▶ _EXTRACTED RECORDS_
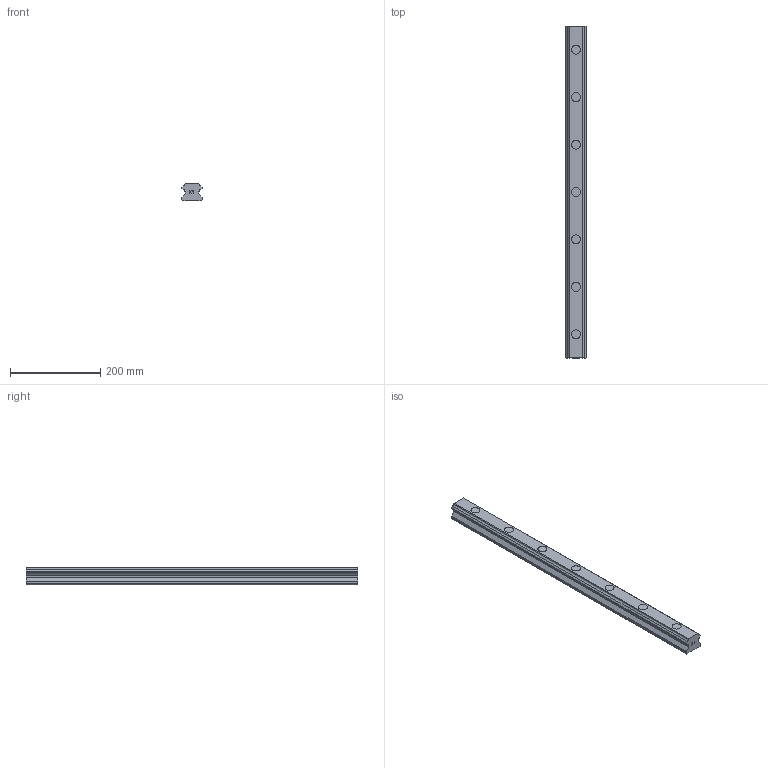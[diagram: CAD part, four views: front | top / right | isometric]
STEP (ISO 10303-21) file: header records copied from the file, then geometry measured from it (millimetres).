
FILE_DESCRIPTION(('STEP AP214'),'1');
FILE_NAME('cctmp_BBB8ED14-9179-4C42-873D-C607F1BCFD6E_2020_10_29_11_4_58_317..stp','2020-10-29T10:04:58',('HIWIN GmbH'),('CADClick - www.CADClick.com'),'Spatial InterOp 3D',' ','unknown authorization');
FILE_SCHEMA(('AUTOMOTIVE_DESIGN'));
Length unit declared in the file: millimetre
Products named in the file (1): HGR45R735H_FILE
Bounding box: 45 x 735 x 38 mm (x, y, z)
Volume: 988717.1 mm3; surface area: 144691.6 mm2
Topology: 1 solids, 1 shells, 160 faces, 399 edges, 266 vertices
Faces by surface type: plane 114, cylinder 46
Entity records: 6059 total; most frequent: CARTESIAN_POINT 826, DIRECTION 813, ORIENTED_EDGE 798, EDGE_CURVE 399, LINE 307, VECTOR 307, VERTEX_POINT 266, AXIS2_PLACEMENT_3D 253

▶ _TRY IT_
Because only the text is wanted, repeat all the entries exactly and leave out the pictures.

▶ _ANSWER_
[diagram: CAD part, four views: front | top / right | isometric]
STEP (ISO 10303-21) file: header records copied from the file, then geometry measured from it (millimetres).
FILE_DESCRIPTION(('STEP AP214'),'1');
FILE_NAME('cctmp_BBB8ED14-9179-4C42-873D-C607F1BCFD6E_2020_10_29_11_4_58_317..stp','2020-10-29T10:04:58',('HIWIN GmbH'),('CADClick - www.CADClick.com'),'Spatial InterOp 3D',' ','unknown authorization');
FILE_SCHEMA(('AUTOMOTIVE_DESIGN'));
Length unit declared in the file: millimetre
Products named in the file (1): HGR45R735H_FILE
Bounding box: 45 x 735 x 38 mm (x, y, z)
Volume: 988717.1 mm3; surface area: 144691.6 mm2
Topology: 1 solids, 1 shells, 160 faces, 399 edges, 266 vertices
Faces by surface type: plane 114, cylinder 46
Entity records: 6059 total; most frequent: CARTESIAN_POINT 826, DIRECTION 813, ORIENTED_EDGE 798, EDGE_CURVE 399, LINE 307, VECTOR 307, VERTEX_POINT 266, AXIS2_PLACEMENT_3D 253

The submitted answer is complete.